# [WHAT IS BEING ASKED]
Starting with the line where "Season: NotSpecified" appears, print every line through the end of the entries below exactly as it stands, and leave out the pictures.

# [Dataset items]
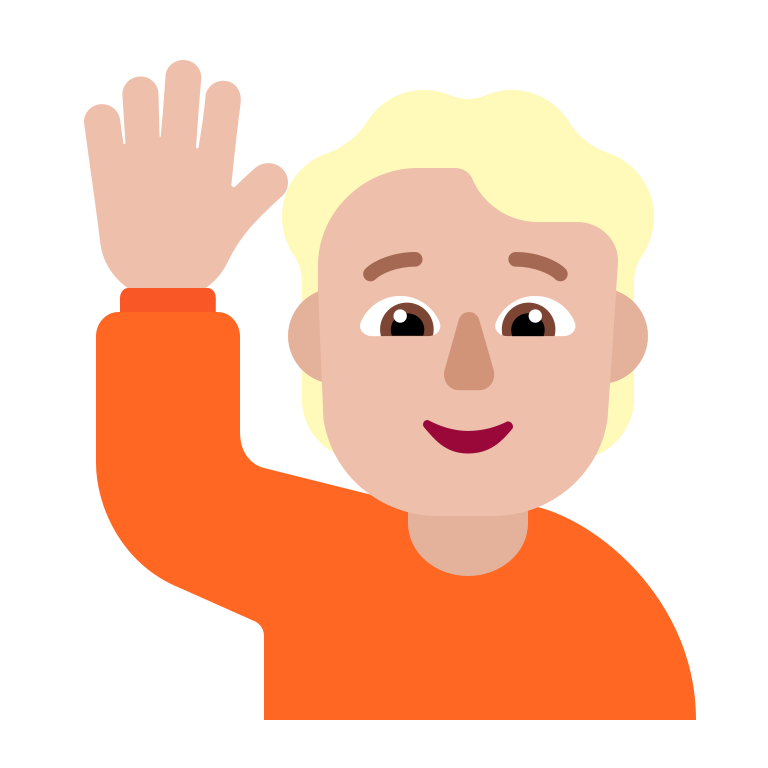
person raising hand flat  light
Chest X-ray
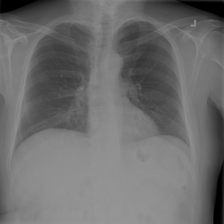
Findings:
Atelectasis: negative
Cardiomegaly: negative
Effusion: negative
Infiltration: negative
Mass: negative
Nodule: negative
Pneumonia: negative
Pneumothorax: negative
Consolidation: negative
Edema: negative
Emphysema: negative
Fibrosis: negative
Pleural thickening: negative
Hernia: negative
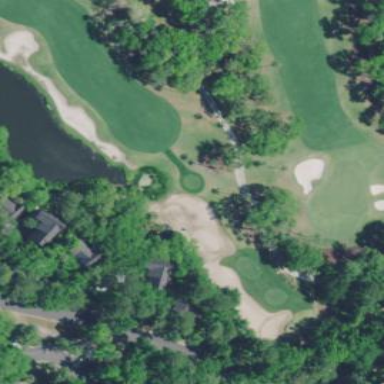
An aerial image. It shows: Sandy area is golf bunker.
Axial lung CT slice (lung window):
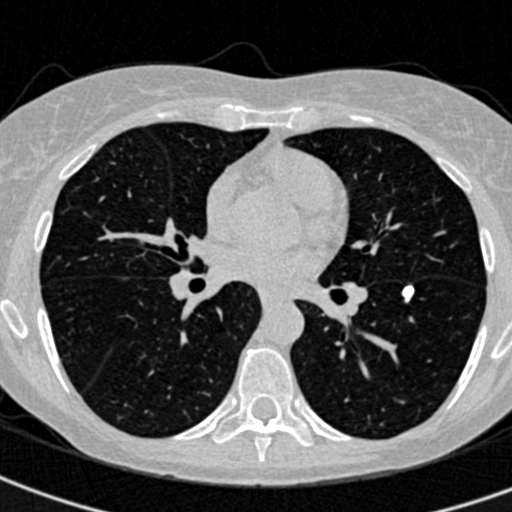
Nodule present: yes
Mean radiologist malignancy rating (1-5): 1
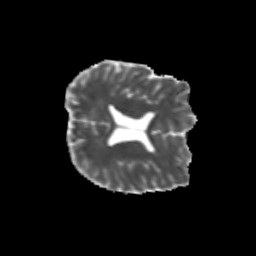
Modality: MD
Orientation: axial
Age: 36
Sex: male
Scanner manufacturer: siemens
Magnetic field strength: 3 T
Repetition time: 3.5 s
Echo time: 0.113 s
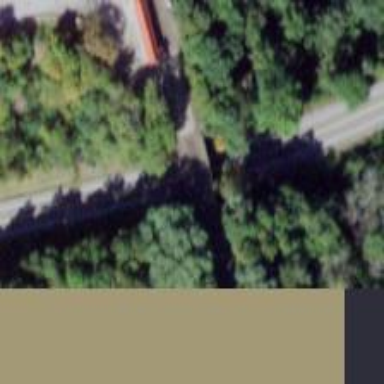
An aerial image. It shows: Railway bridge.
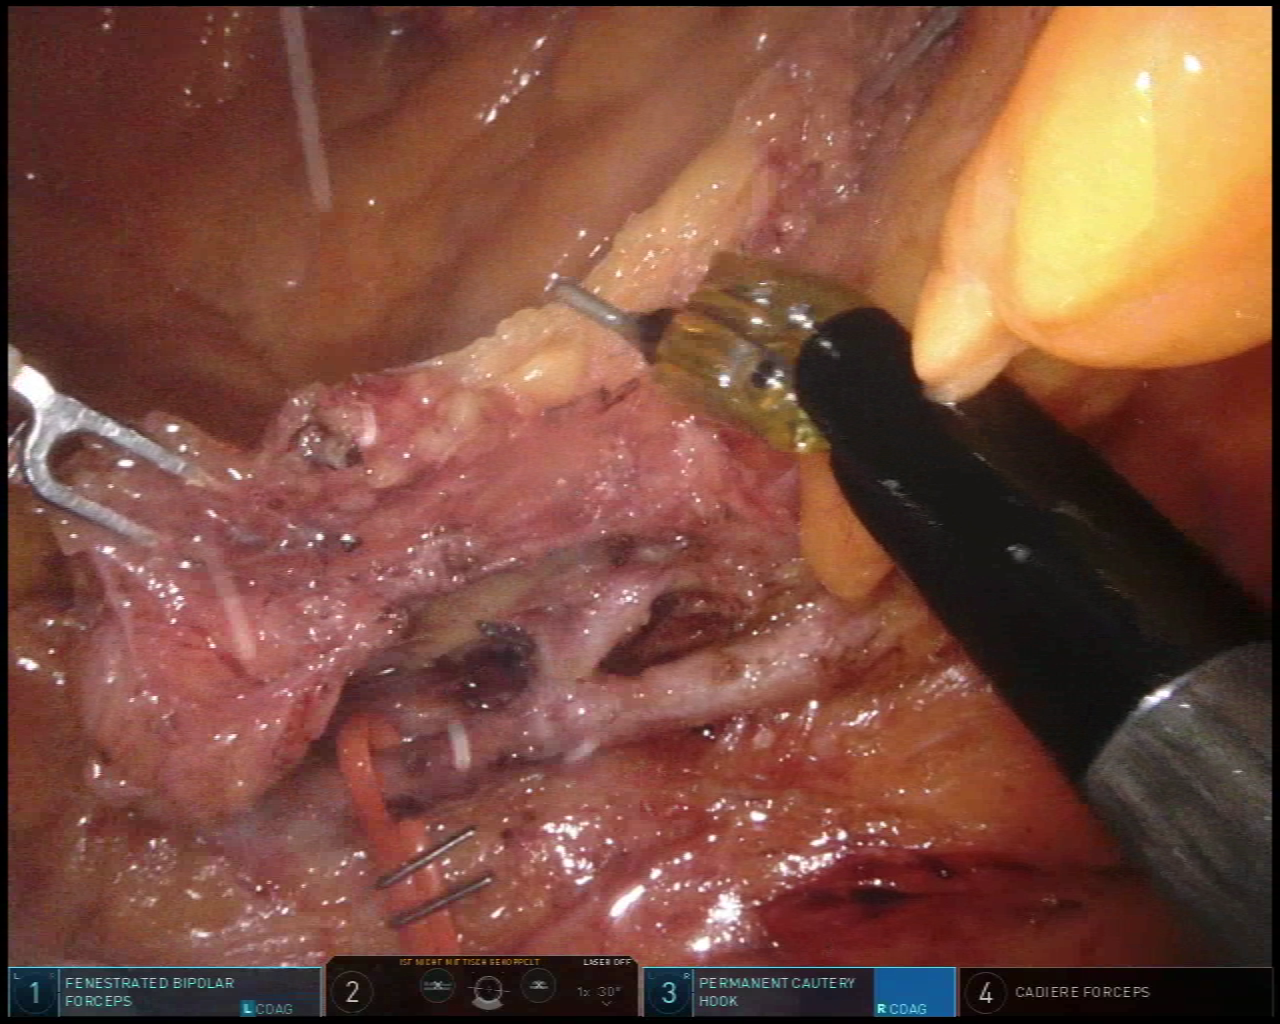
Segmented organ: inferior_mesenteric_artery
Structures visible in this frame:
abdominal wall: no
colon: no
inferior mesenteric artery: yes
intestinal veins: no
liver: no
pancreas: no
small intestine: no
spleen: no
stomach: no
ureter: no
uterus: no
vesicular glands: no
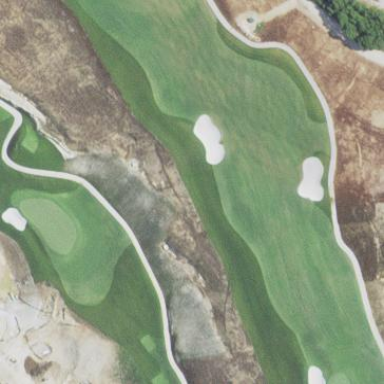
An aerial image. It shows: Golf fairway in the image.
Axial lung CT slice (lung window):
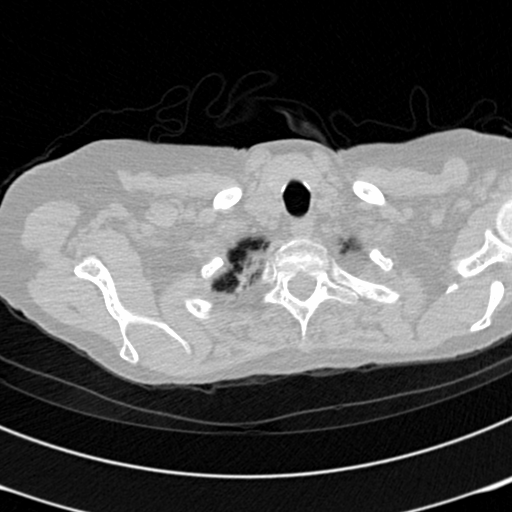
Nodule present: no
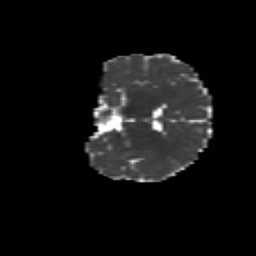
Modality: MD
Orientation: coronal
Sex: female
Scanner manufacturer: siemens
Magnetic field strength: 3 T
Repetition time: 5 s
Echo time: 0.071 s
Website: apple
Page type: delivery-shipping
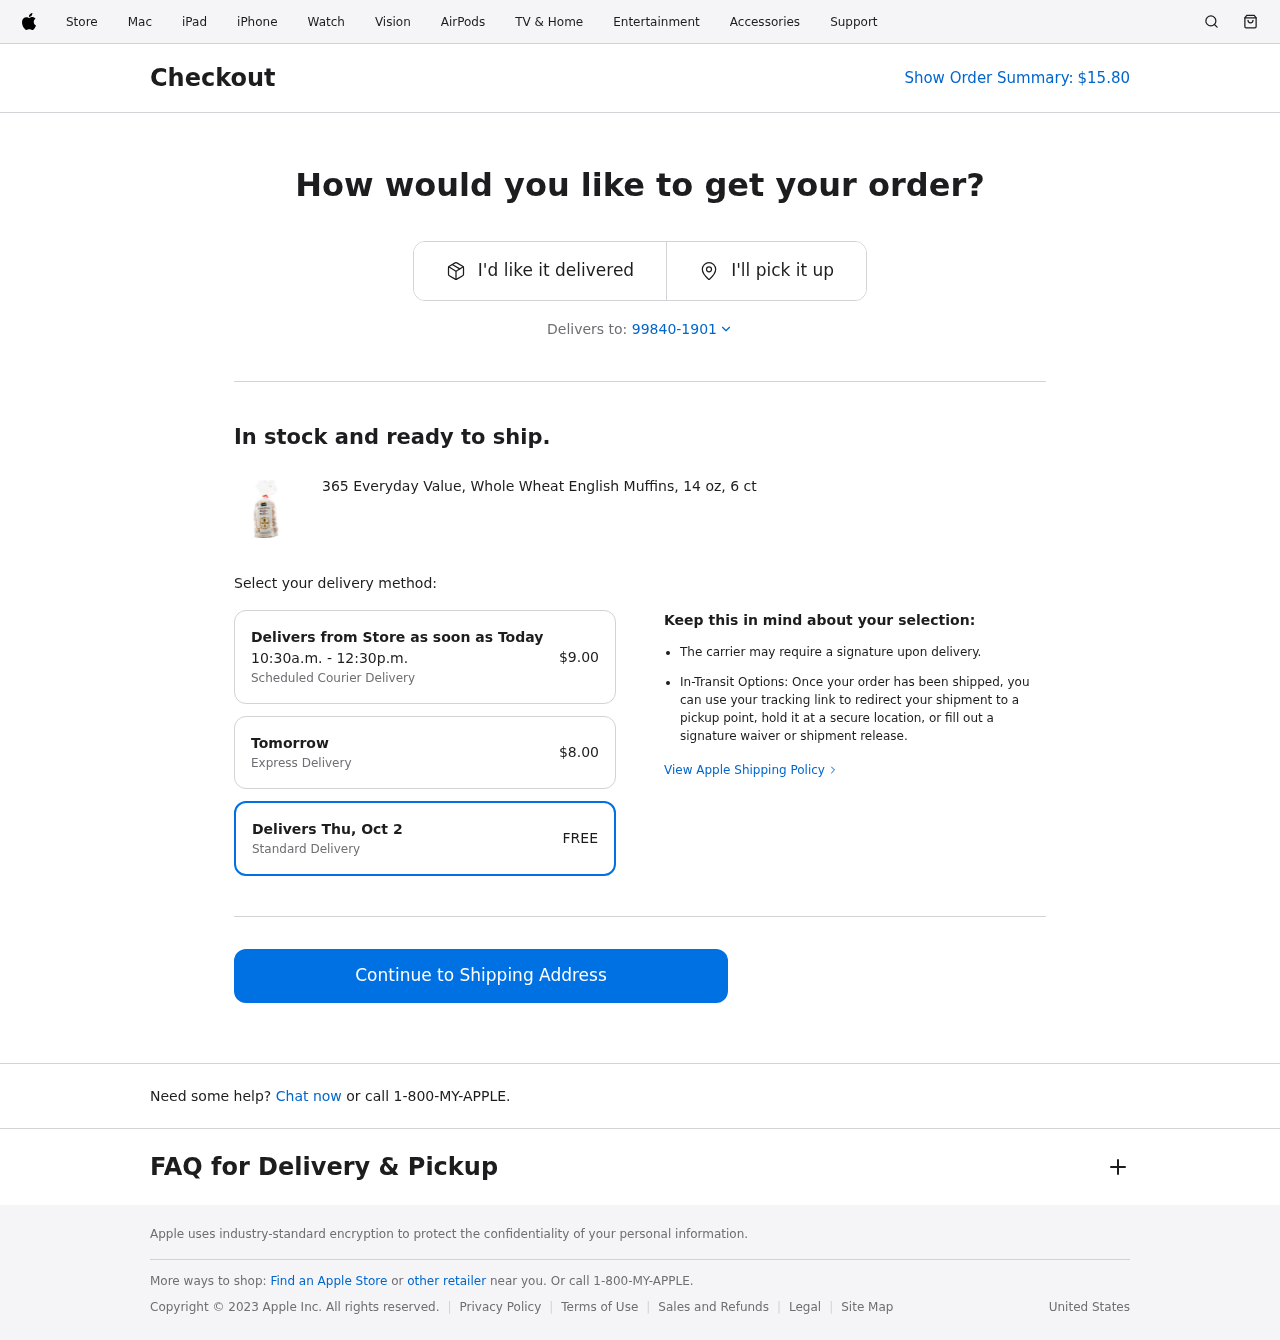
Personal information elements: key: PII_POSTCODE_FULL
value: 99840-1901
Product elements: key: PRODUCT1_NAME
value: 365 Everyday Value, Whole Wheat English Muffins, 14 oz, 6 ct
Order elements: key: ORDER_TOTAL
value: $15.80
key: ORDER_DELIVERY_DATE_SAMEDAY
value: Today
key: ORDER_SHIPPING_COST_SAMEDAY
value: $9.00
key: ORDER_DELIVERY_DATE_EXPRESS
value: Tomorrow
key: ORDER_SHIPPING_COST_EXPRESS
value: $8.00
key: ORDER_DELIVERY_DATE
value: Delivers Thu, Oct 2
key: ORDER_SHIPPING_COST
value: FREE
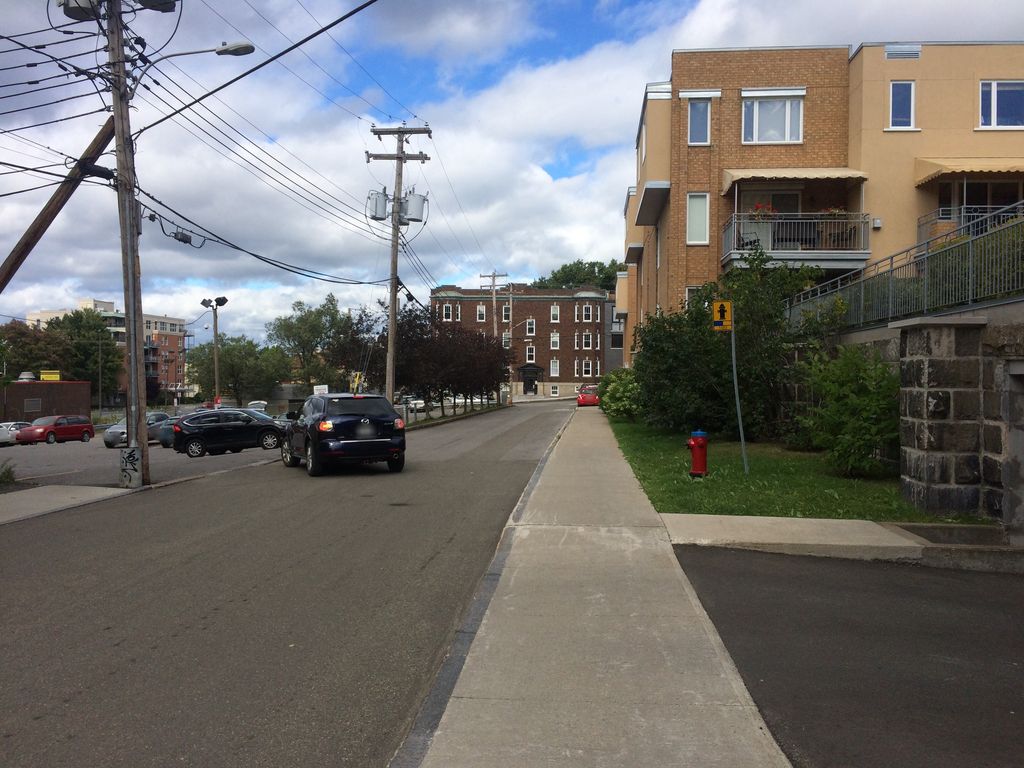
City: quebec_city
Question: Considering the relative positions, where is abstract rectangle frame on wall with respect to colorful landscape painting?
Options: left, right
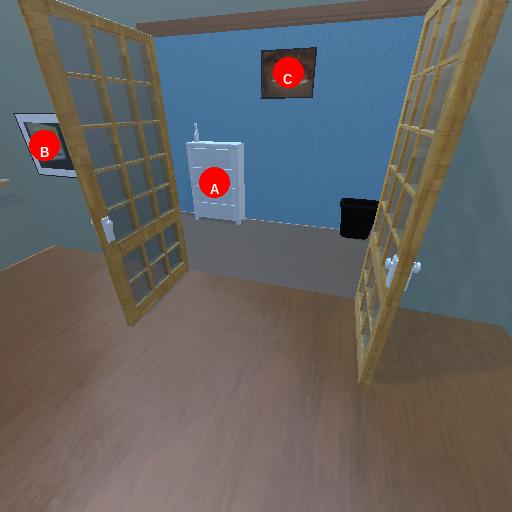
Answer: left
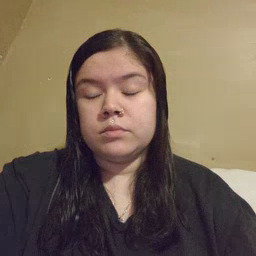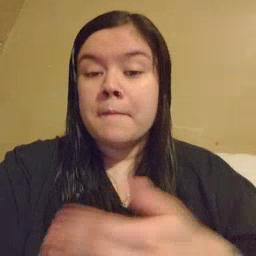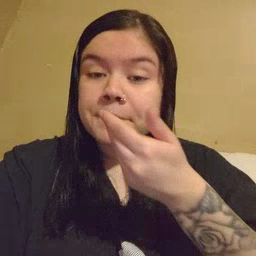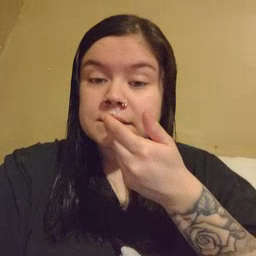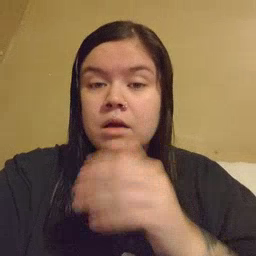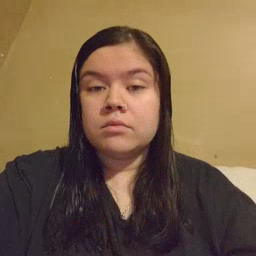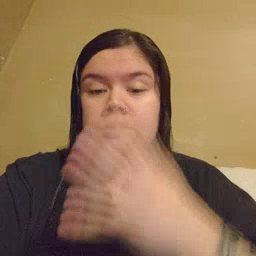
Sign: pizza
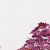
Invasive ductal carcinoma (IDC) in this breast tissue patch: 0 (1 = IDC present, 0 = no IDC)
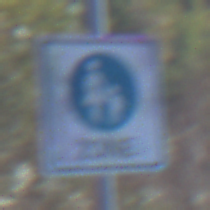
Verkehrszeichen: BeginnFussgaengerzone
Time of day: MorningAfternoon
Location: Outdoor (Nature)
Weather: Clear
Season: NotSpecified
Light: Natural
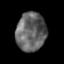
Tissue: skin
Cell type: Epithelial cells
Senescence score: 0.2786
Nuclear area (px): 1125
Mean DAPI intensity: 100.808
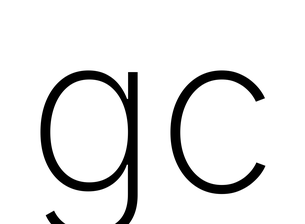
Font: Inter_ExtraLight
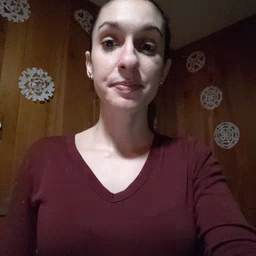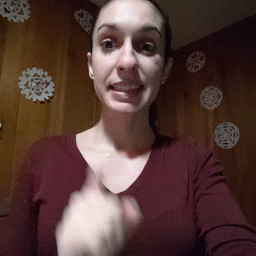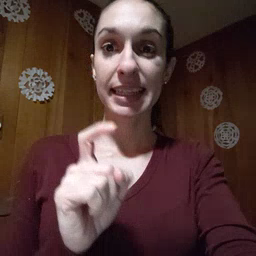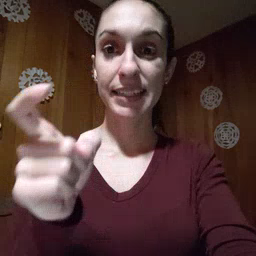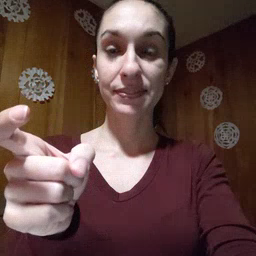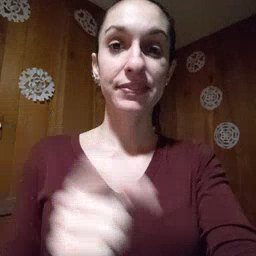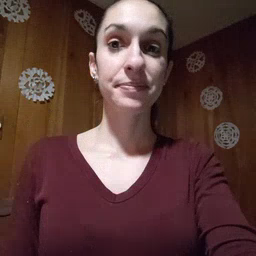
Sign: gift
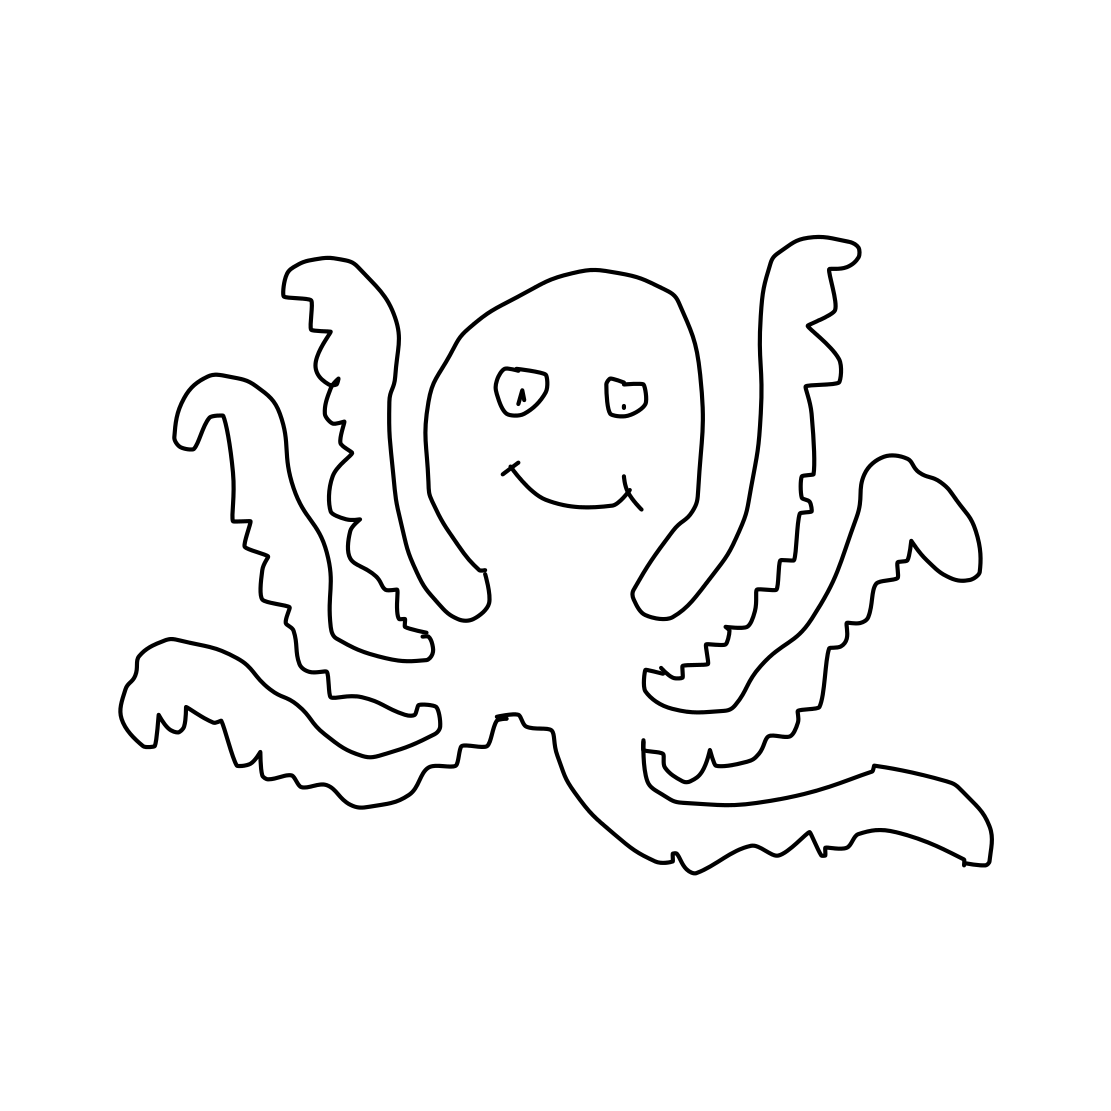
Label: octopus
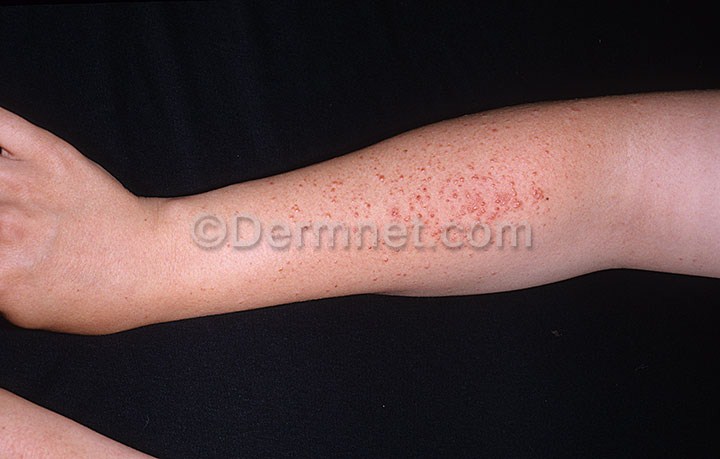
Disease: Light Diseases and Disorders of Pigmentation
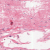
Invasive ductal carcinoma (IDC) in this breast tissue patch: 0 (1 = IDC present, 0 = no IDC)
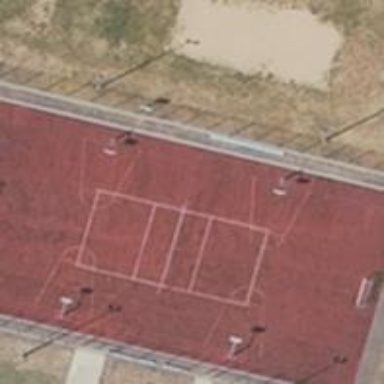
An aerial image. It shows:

# [TASK SOLUTION]
Season: NotSpecified
Light: Natural
Tissue: skin
Cell type: Epithelial cells
Senescence score: 0.2786
Nuclear area (px): 1125
Mean DAPI intensity: 100.808
Font: Inter_ExtraLight
Sign: gift
Label: octopus
Disease: Light Diseases and Disorders of Pigmentation
Invasive ductal carcinoma (IDC) in this breast tissue patch: 0 (1 = IDC present, 0 = no IDC)
An aerial image. It shows:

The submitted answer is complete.